# letra "w": nombre, pronunciación en iniciales.



## cirrus

Buenas tardes!
 
Acabo de escuchar en un programa de la radio española un sitio de web.  Dijeron “tres uve dobles” (o eran tres uves dobles)?  Sé que en Colombia la W se llama doble U: nada de uve, solamente el sonido de la letra.  Mi apellido tiene dos Ws entonces para mi es algo personal: La letra  W Como se llama la letra en su país?
 
Gracias de antemano a tod@s


----------



## tigger_uhuhu

En México lo más común es dobleú, pero sé que el nombre correcto es dobleuvé.
Entonces, escucharás "triple dobleú, punto..."
Saludos


----------



## Mita

Hola Cirrus, 

En Chile le decimos "doble ve". En el caso de los sitios web decimos "doble ve, doble ve, doble ve" o bien (mucho más simple) "triple doble ve".

Saluditos desde acá,


----------



## SpiceMan

Uve doble, doble ve, doble u, doble uve...
Depende del país. 

www => doble ve doble ve doble ve en Argentina. Aunque se puede escuchar "triple uve doble" en CNN en español o similares, nadie lo dice así acá.

En general varias letras y conceptos cambian de país en país.

(como se dice en Argentina -> como lo escuche dicho por otros de otra nacionalidad).

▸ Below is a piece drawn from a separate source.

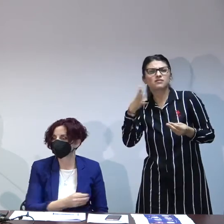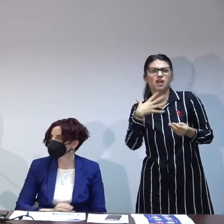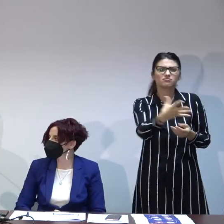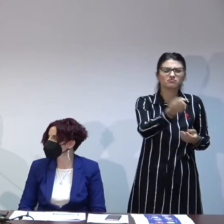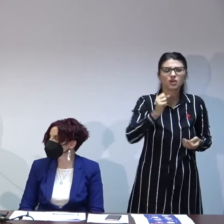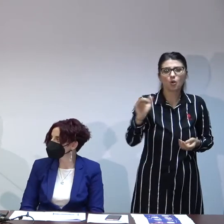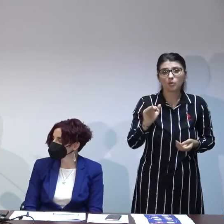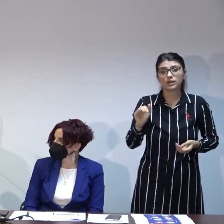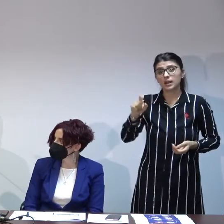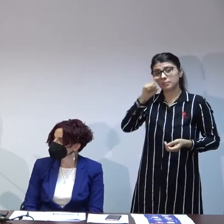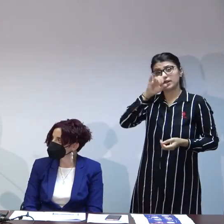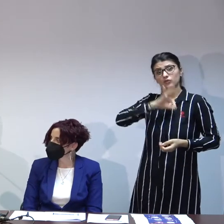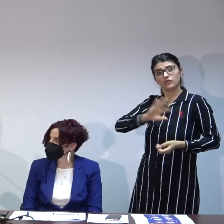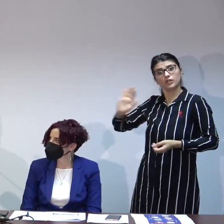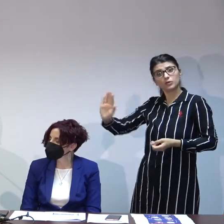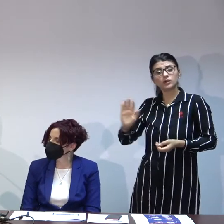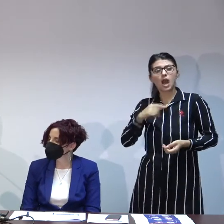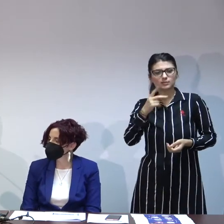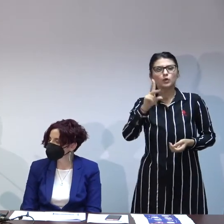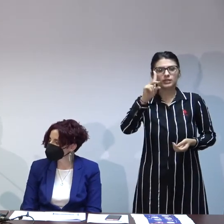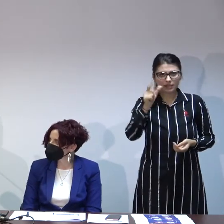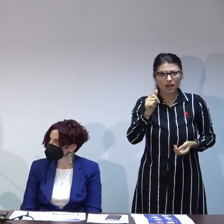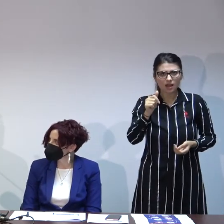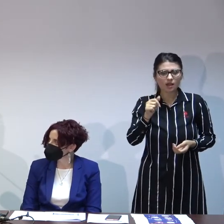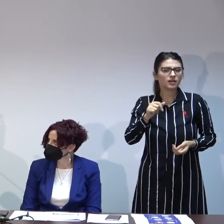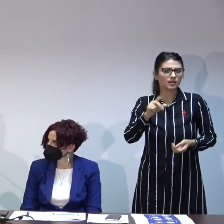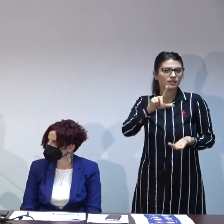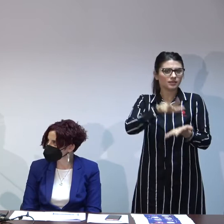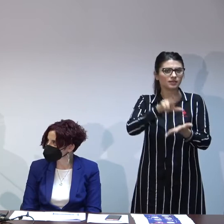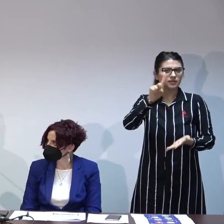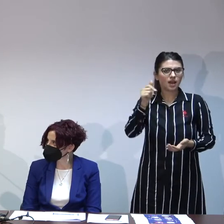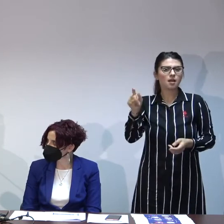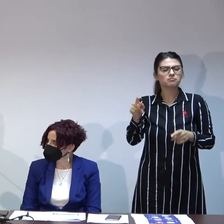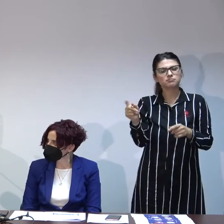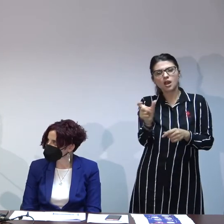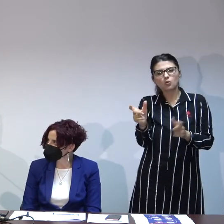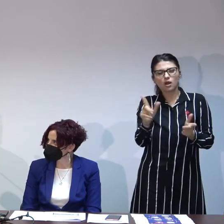băiețelul nostru a fost declarat adoptabil cam în aceeași perioadă în care noi am depus dosarul

"i" griega (y) -> ye (aunque raro, también se escucha en Argentina)
ve (V) -> uvé (no se escucha)
ce hache (ch) -> che (también se escucha en Argentina)
Palabra grave -> palabra llana
entre otros.

y w... ya lo dije recién


----------



## Laia

también se dice _uve doble, uve doble, uve doble_ en vez de _tres uve dobles_.
Es genial para que se te lengue la traba, digo... que se te trabe la lengua 

P.D.: no decimos _uvé_, decimos _uve_  Aunque muchas veces digo "be baja", pero eso son interferencias lingüísticas que no vienen al caso ahora...


----------



## cirrus

Laia said:
			
		

> también se dice _uve doble, uve doble, uve doble_ en vez de _tres uve dobles_.
> Es genial para que se te lengue la traba, digo... que se te trabe la lengua
> 
> P.D.: no decimos _uvé_, decimos _uve_  Aunque muchas veces digo "be baja", pero eso son interferencias lingüísticas que no vienen al caso ahora...


 
Me habia olivadado de eso - cuando trabajaba en una ONG chilena hablamos de b chica. 

Gracias a todos


----------



## SpiceMan

Sí, con la B también hay para todos los gustos.
b larga, b chica, be baja...

Igual todo esto lo digas la forma en que lo digas, creo que te entienden en todos lados.


----------



## diegodbs

En España se dice "uve doble", por lo tanto decimos: uve doble, uve doble, uve doble.
Aunque es cierto que muchas veces oigo decir sólo una uve doble para referirse a direcciones de internet. Y algunos dicen "uve doble (un nombre) punto com" Ya todo el mundo entiende que se refiere a www.....


----------



## jealindgar

en españa las w en una pagina web se dice asi: "tres uve dobles", "doble, uve, doble uve, doble uve"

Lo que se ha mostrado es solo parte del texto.